WHAT TO WORK ON: Could you repeat every entry below word for word, leaving out the pictures?

Excerpts from a dataset
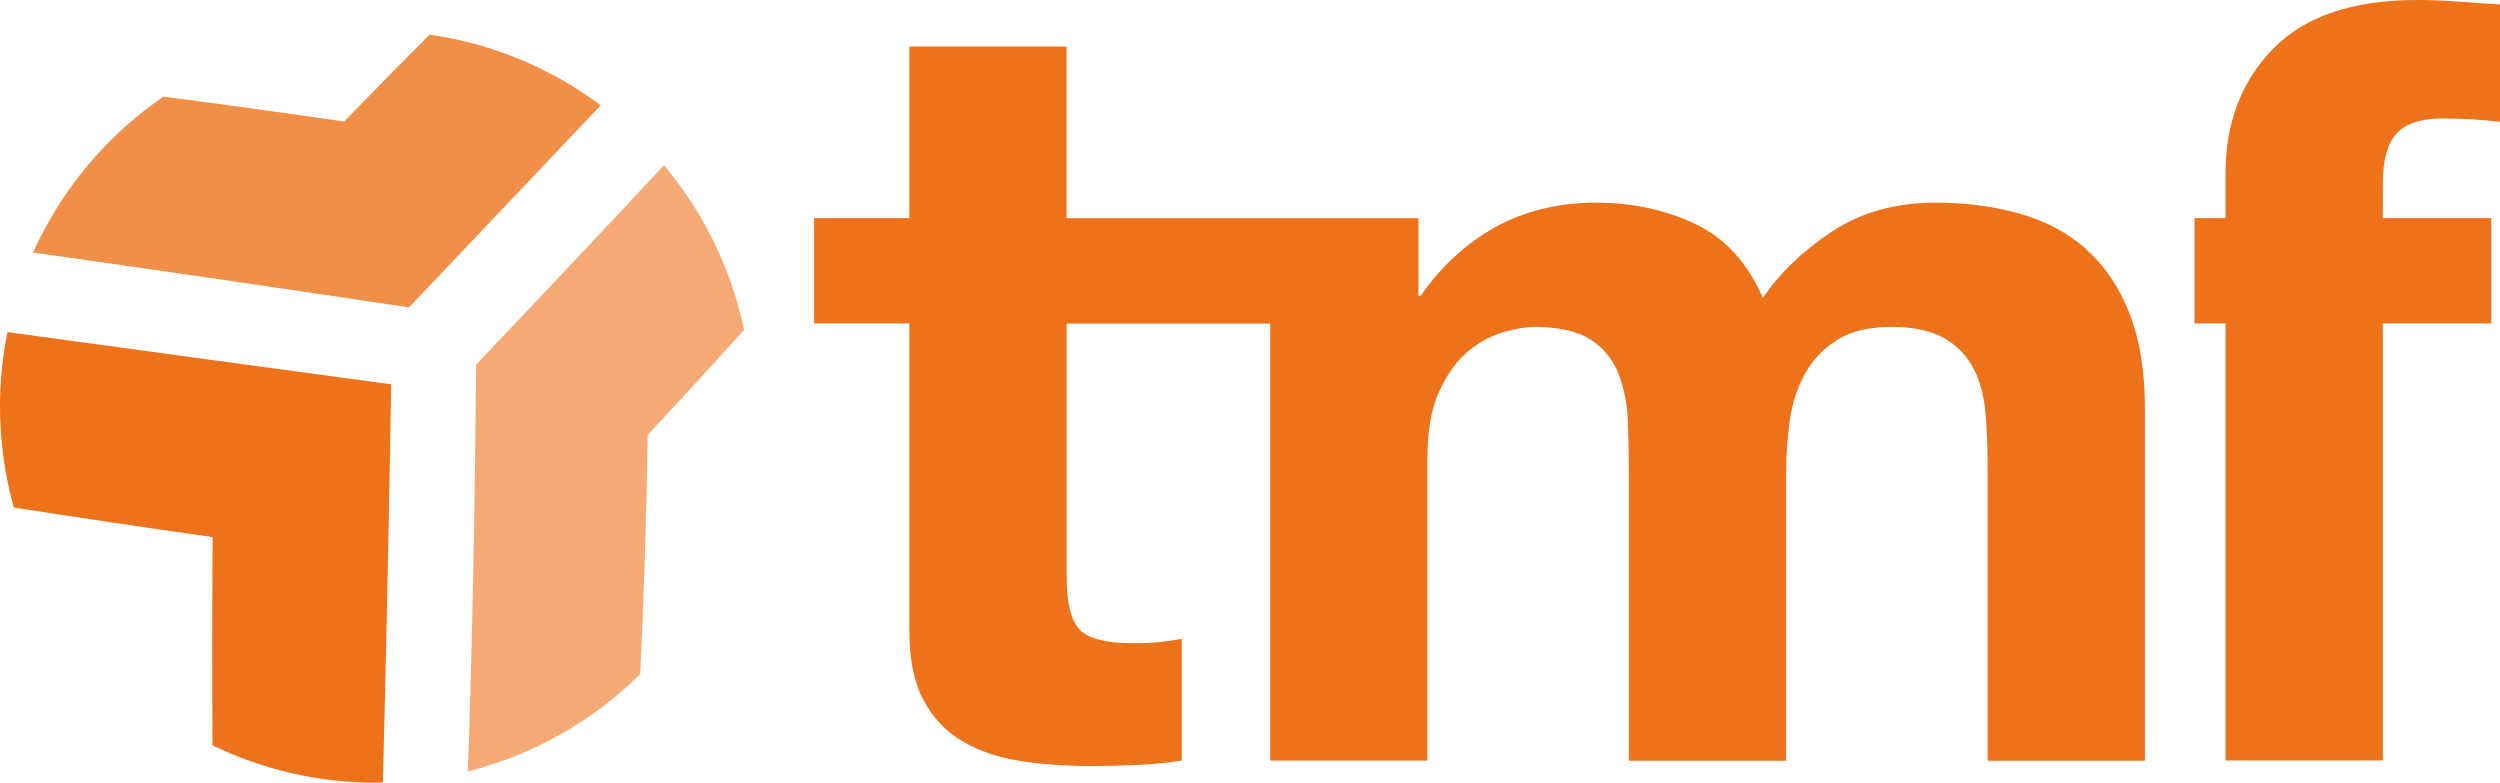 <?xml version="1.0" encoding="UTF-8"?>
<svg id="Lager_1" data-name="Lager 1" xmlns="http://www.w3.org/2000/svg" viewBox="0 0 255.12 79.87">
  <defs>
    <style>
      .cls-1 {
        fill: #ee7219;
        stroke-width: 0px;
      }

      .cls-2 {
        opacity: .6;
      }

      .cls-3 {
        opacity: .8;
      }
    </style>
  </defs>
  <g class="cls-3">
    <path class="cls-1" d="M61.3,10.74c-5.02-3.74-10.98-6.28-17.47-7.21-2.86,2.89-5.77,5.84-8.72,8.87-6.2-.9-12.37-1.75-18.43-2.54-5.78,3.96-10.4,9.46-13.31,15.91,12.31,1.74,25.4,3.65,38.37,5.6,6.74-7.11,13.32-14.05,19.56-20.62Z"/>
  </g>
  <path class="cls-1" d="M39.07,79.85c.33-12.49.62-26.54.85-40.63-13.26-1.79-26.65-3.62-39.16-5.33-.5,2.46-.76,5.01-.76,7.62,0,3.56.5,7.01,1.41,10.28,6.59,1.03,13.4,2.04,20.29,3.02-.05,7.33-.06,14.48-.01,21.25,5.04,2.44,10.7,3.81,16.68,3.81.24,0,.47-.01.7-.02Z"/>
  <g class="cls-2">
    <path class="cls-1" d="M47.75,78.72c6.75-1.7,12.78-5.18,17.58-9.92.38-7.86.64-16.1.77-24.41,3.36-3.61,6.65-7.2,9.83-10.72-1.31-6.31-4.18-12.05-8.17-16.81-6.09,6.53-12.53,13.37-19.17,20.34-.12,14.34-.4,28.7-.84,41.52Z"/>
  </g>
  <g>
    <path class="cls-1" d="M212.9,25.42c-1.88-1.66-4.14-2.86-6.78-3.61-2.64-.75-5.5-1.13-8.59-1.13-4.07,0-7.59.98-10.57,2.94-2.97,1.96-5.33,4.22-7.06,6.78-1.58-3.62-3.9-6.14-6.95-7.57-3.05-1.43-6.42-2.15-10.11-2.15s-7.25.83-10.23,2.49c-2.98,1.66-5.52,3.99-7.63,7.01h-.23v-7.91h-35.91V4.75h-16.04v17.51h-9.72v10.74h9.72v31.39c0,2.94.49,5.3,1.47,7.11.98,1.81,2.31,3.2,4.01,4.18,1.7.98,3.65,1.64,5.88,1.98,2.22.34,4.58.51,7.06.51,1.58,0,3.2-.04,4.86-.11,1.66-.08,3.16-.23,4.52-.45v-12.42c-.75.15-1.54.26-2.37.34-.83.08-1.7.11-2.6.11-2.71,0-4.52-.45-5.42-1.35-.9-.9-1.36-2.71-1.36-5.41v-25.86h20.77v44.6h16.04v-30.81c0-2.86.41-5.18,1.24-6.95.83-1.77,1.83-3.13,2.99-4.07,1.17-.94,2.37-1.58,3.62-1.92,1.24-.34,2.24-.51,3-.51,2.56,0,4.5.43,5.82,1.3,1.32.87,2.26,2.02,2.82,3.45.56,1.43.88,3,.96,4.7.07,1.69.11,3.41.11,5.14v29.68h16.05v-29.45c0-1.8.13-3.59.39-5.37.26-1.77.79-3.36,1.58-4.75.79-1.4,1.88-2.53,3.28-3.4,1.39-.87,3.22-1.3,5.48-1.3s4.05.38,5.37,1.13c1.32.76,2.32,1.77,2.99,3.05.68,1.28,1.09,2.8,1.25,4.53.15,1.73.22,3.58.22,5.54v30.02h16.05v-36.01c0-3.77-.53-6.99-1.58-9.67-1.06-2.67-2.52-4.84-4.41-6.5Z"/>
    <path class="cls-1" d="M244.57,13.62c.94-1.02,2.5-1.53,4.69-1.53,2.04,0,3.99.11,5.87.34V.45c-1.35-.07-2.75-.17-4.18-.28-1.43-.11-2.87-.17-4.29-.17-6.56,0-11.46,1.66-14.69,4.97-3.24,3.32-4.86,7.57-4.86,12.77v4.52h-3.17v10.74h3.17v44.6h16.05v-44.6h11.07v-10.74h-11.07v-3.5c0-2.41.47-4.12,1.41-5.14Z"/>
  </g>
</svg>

TASK SOLUTION:
 <?xml version="1.0" encoding="UTF-8"?>
<svg id="Lager_1" data-name="Lager 1" xmlns="http://www.w3.org/2000/svg" viewBox="0 0 255.12 79.87">
  <defs>
    <style>
      .cls-1 {
        fill: #ee7219;
        stroke-width: 0px;
      }

      .cls-2 {
        opacity: .6;
      }

      .cls-3 {
        opacity: .8;
      }
    </style>
  </defs>
  <g class="cls-3">
    <path class="cls-1" d="M61.3,10.74c-5.02-3.74-10.98-6.28-17.47-7.21-2.86,2.89-5.77,5.84-8.72,8.87-6.2-.9-12.37-1.75-18.43-2.54-5.78,3.96-10.4,9.46-13.31,15.91,12.31,1.74,25.4,3.65,38.37,5.6,6.74-7.11,13.32-14.05,19.56-20.62Z"/>
  </g>
  <path class="cls-1" d="M39.07,79.85c.33-12.49.62-26.54.85-40.63-13.26-1.79-26.65-3.62-39.16-5.33-.5,2.46-.76,5.01-.76,7.62,0,3.56.5,7.01,1.41,10.28,6.59,1.03,13.4,2.04,20.29,3.02-.05,7.33-.06,14.48-.01,21.25,5.04,2.44,10.7,3.81,16.68,3.81.24,0,.47-.01.7-.02Z"/>
  <g class="cls-2">
    <path class="cls-1" d="M47.75,78.72c6.75-1.7,12.78-5.18,17.58-9.92.38-7.86.64-16.1.77-24.41,3.36-3.61,6.65-7.2,9.83-10.72-1.31-6.31-4.18-12.05-8.17-16.81-6.09,6.53-12.53,13.37-19.17,20.34-.12,14.34-.4,28.7-.84,41.52Z"/>
  </g>
  <g>
    <path class="cls-1" d="M212.9,25.42c-1.88-1.66-4.14-2.86-6.78-3.61-2.64-.75-5.5-1.13-8.59-1.13-4.07,0-7.59.98-10.57,2.94-2.97,1.96-5.33,4.22-7.06,6.78-1.58-3.62-3.9-6.14-6.95-7.57-3.05-1.43-6.42-2.15-10.11-2.15s-7.25.83-10.23,2.49c-2.98,1.66-5.52,3.99-7.63,7.01h-.23v-7.91h-35.91V4.75h-16.04v17.51h-9.72v10.74h9.72v31.39c0,2.94.49,5.3,1.47,7.11.98,1.81,2.31,3.2,4.01,4.18,1.7.98,3.65,1.64,5.88,1.98,2.22.34,4.58.51,7.06.51,1.58,0,3.2-.04,4.86-.11,1.66-.08,3.16-.23,4.52-.45v-12.42c-.75.15-1.54.26-2.37.34-.83.08-1.7.11-2.6.11-2.71,0-4.52-.45-5.42-1.35-.9-.9-1.36-2.71-1.36-5.41v-25.86h20.77v44.6h16.04v-30.81c0-2.86.41-5.18,1.24-6.95.83-1.77,1.83-3.13,2.99-4.07,1.17-.94,2.37-1.58,3.62-1.92,1.24-.34,2.24-.51,3-.51,2.56,0,4.5.43,5.82,1.3,1.32.87,2.26,2.02,2.82,3.45.56,1.43.88,3,.96,4.7.07,1.69.11,3.41.11,5.14v29.68h16.05v-29.45c0-1.8.13-3.59.39-5.37.26-1.77.79-3.36,1.58-4.75.79-1.4,1.88-2.53,3.28-3.4,1.39-.87,3.22-1.3,5.48-1.3s4.05.38,5.37,1.13c1.32.76,2.32,1.77,2.99,3.05.68,1.28,1.09,2.8,1.25,4.53.15,1.73.22,3.58.22,5.54v30.02h16.05v-36.01c0-3.77-.53-6.99-1.58-9.67-1.06-2.67-2.52-4.84-4.41-6.5Z"/>
    <path class="cls-1" d="M244.57,13.62c.94-1.02,2.5-1.53,4.69-1.53,2.04,0,3.99.11,5.87.34V.45c-1.35-.07-2.75-.17-4.18-.28-1.43-.11-2.87-.17-4.29-.17-6.56,0-11.46,1.66-14.69,4.97-3.24,3.32-4.86,7.57-4.86,12.77v4.52h-3.17v10.74h3.17v44.6h16.05v-44.6h11.07v-10.74h-11.07v-3.5c0-2.41.47-4.12,1.41-5.14Z"/>
  </g>
</svg>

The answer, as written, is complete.